Expunction is the destruction or permanent sealing of records and documents so that they are no longer public information.
The following juvenile offenses are not eligible for expunction:
- any Murder or Attempt, Solicitation or Conspiracy to Commit Murder or Aggravated Murder
- Aggravated Vehicular Homicide
- Assault in the First Degree
- Rape in the First, Second, or Third Degree
- Sodomy in the First, Second, or Third Degree
- Unlawful Sexual Penetration in the First or Second Degree
- Sexual Abuse in the First, Second, or Third Degree
- Criminal Mistreatment in the First Degree
- Kidnapping in the First Degree
- Promoting or Compelling Prostitution
- Measure 11 offenses
Measure 11 offenses may not be expunged as they are not handled in Juvenile Court. Different rules apply to adult convictions.
- Expunction must occur in the county you lived in at the time the disposition ended. By law, the juvenile court is required to make reasonable efforts to provide written notice to you of expunction procedures at the disposition hearing, at time of termination of the disposition, upon notice of expunction by the court, and at the time of the execution of the expunction order.

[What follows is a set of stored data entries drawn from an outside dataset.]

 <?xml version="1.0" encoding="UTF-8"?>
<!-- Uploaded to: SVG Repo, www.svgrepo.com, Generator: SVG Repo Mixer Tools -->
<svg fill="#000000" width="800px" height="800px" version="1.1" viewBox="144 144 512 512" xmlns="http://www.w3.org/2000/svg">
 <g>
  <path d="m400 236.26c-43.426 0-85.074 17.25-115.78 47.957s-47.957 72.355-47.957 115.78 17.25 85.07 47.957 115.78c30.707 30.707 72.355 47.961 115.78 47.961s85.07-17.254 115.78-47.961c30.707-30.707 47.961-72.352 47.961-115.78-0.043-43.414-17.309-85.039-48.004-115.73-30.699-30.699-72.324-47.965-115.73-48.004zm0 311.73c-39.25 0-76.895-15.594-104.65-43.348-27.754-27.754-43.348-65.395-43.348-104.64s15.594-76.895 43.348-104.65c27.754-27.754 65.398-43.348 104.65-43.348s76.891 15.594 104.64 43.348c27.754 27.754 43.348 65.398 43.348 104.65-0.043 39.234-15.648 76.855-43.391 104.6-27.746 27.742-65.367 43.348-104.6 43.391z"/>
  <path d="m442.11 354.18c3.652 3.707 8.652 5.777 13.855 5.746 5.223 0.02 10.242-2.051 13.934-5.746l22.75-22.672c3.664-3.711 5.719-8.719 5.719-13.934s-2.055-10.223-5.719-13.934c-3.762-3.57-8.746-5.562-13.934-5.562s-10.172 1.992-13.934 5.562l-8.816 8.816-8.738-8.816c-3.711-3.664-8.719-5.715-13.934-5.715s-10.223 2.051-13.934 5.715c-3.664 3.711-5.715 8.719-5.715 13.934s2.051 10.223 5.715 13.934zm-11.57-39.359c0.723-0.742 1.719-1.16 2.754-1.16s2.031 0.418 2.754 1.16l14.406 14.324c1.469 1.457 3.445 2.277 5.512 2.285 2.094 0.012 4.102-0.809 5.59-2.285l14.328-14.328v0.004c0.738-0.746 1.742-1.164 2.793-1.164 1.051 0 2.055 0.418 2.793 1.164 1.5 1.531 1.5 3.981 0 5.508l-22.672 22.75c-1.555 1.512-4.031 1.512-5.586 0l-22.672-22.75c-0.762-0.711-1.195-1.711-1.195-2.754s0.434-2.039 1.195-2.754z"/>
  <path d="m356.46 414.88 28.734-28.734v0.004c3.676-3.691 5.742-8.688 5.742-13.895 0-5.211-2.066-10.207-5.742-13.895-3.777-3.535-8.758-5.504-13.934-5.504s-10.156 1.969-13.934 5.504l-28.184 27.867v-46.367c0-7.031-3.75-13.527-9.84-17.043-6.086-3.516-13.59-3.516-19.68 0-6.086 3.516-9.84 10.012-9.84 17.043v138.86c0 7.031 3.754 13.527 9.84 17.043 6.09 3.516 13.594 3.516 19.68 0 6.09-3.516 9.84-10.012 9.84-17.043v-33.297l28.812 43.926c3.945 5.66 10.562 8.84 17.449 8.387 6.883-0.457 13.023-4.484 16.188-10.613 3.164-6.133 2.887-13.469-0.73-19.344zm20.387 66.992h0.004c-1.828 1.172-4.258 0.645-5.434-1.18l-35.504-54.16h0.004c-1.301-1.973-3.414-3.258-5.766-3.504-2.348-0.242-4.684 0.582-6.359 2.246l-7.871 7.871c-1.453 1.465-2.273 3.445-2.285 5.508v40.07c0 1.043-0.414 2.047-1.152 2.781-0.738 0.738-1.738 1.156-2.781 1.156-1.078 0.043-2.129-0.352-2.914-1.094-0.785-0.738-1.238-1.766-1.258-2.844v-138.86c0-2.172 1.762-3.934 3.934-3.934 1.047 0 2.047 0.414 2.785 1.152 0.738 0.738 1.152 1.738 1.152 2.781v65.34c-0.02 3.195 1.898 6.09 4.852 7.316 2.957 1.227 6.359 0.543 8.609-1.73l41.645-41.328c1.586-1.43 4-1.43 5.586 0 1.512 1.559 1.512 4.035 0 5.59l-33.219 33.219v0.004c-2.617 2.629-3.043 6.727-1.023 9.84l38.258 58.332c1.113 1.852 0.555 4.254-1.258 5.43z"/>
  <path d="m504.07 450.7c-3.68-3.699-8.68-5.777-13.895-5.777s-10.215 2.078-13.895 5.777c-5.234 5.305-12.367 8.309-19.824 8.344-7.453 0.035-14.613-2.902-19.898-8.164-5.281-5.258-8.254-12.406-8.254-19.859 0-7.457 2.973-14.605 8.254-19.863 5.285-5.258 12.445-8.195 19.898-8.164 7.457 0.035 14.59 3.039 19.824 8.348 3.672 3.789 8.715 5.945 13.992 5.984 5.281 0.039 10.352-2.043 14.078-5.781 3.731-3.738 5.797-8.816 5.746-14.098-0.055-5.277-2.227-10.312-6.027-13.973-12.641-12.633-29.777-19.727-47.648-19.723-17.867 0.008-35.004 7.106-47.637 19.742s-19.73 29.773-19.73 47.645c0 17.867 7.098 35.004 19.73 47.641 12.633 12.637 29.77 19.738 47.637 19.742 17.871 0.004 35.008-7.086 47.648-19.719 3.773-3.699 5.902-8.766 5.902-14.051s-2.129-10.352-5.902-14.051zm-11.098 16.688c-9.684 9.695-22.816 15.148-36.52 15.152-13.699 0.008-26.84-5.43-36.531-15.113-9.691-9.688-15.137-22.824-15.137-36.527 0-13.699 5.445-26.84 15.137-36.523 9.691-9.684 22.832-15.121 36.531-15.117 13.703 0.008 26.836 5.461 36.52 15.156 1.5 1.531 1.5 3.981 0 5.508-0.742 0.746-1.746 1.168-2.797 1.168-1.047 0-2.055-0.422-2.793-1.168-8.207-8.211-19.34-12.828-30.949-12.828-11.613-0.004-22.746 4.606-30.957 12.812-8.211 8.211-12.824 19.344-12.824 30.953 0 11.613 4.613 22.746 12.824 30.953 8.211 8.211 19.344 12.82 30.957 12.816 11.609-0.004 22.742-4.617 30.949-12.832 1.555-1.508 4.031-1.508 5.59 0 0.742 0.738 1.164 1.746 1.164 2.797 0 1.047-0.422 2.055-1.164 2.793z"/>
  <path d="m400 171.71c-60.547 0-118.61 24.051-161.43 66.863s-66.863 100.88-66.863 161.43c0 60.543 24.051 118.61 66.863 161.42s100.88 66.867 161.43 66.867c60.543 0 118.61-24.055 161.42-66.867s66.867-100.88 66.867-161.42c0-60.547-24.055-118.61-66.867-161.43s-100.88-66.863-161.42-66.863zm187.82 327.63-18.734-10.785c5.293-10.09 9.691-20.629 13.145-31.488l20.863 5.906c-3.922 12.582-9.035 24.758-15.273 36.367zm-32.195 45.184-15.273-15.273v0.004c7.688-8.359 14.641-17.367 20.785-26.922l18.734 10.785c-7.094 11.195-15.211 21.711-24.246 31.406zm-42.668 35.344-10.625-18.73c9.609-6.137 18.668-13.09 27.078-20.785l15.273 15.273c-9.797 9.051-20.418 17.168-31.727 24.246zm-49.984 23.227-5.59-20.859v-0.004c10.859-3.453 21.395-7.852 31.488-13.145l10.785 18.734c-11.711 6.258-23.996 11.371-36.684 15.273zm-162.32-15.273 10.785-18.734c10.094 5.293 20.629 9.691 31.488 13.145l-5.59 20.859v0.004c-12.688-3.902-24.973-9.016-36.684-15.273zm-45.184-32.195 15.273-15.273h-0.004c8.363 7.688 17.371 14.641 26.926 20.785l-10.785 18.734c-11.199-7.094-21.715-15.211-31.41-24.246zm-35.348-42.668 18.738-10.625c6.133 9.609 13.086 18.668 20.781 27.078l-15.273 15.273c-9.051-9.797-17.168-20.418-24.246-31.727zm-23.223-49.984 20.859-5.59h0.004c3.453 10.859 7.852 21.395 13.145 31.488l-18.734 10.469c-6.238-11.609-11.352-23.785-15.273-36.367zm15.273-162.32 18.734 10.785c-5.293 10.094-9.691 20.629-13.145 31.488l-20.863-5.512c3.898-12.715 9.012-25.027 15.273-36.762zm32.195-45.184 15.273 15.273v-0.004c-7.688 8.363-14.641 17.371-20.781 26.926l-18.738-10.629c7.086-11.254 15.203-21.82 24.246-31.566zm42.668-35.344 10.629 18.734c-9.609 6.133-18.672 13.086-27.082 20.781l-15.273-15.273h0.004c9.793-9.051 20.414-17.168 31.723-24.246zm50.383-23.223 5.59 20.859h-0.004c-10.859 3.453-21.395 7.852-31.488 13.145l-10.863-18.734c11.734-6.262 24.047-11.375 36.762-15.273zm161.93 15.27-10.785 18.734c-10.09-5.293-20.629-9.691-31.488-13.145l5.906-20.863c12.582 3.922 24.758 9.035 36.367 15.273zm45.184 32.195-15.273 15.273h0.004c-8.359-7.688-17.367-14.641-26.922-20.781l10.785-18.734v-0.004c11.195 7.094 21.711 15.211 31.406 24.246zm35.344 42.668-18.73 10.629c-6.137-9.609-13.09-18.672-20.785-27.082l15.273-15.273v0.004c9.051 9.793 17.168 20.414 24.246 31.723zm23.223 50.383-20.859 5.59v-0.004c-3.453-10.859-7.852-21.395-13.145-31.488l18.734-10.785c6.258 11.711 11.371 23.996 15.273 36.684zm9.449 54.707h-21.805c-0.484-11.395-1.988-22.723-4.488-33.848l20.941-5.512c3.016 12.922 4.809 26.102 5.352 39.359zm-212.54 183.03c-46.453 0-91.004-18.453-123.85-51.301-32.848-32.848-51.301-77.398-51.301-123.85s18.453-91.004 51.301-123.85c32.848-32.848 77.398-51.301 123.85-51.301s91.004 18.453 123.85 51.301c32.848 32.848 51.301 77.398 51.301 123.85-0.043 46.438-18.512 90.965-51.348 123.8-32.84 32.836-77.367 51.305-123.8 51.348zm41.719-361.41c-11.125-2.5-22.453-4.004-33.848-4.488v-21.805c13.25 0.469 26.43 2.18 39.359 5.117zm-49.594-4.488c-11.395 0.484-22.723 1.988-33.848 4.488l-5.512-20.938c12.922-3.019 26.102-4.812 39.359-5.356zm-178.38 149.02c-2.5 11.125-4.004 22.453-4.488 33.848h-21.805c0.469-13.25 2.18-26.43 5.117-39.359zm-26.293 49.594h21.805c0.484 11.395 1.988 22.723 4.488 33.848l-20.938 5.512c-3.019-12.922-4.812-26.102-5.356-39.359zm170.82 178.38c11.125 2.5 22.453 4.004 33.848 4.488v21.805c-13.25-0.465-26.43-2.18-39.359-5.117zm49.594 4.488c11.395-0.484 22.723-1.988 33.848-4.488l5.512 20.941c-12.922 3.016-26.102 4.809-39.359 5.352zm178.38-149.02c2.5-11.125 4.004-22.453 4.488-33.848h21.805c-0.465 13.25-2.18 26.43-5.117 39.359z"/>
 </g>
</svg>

- There are two methods of expunction, automatic and by application. Automatic expunction sometimes occurs when the court itself expunges your juvenile records once you have reached the age of 18 and with the approval of the district attorney. Automatic expunction at age 18 does not always occur. You should check with the Juvenile Department as to whether your records have been expunged automatically.
You may apply for expunction at any time by completing an application that is provided by the Juvenile Department. Once the Juvenile Department receives the application, it is then submitted to the District Attorney's Office. If victims are associated with the juvenile record, they will be notified of your expungement request and given the opportunity to state their opinion involving this matter. The District Attorney has 10 days to approve or deny the application, and weighs the following criteria in determining whether to approve expunction:
- whether five years have elapsed since the close of the most recent disposition or if the court has allowed an early expunction, meaning an expunction prior to the five-year time frame
- whether there have been felony or class A misdemeanor convictions since the date of the most recent disposition
- whether criminal proceedings are pending
- whether the juvenile department is aware of any pending investigation of the conduct of the person by a law enforcement agency
- whether the person is within the jurisdiction of any juvenile court due to allegations that:
- the person has committed a crime
- the person is beyond the control of his or her parent or guardian
- the person’s behavior, condition, or circumstances endanger his or her welfare or the welfare of others.
If the expunction is approved by the District Attorney, a notice of the approval is sent to any victims in the case and the Juvenile Department will hold the application for 30 days before submitting the appropriate order to a judge for signature. Once the order is signed, it is circulated to all agencies listed on the initial application. Upon receipt of the order, agencies are required to destroy all records pertaining to the applicant within 21 days, with the exception of the following:
- Academic records
- Information is needed for federal funding of that person.
- Records kept by the Dept. of Transportation, State Marine Board, and State fish and wildlife Commission
- Records related to an order of waiver
- Records related to a support obligation
- Medical records
- Records related to a termination of parental rights and adoption
- Records of the Oregon Supreme Court and Court of Appeals
- Records maintained by the Law Enforcement Data System
Within six weeks of the judge signing the expunction order, a notice will be sent to you with information regarding the contacted agencies. At this point, all Juvenile Department records will be destroyed with the exception of the above-listed information, the expunction order itself, and documentation of the contacted agencies. The State Court will then initiate its own process to seal all related records subject to expunction.
If, after review, the expunction is not approved by the district attorney, the district attorney explains why and states when you are eligible to apply again. You may request a court hearing by a judge or referee to determine the appropriateness of the denial.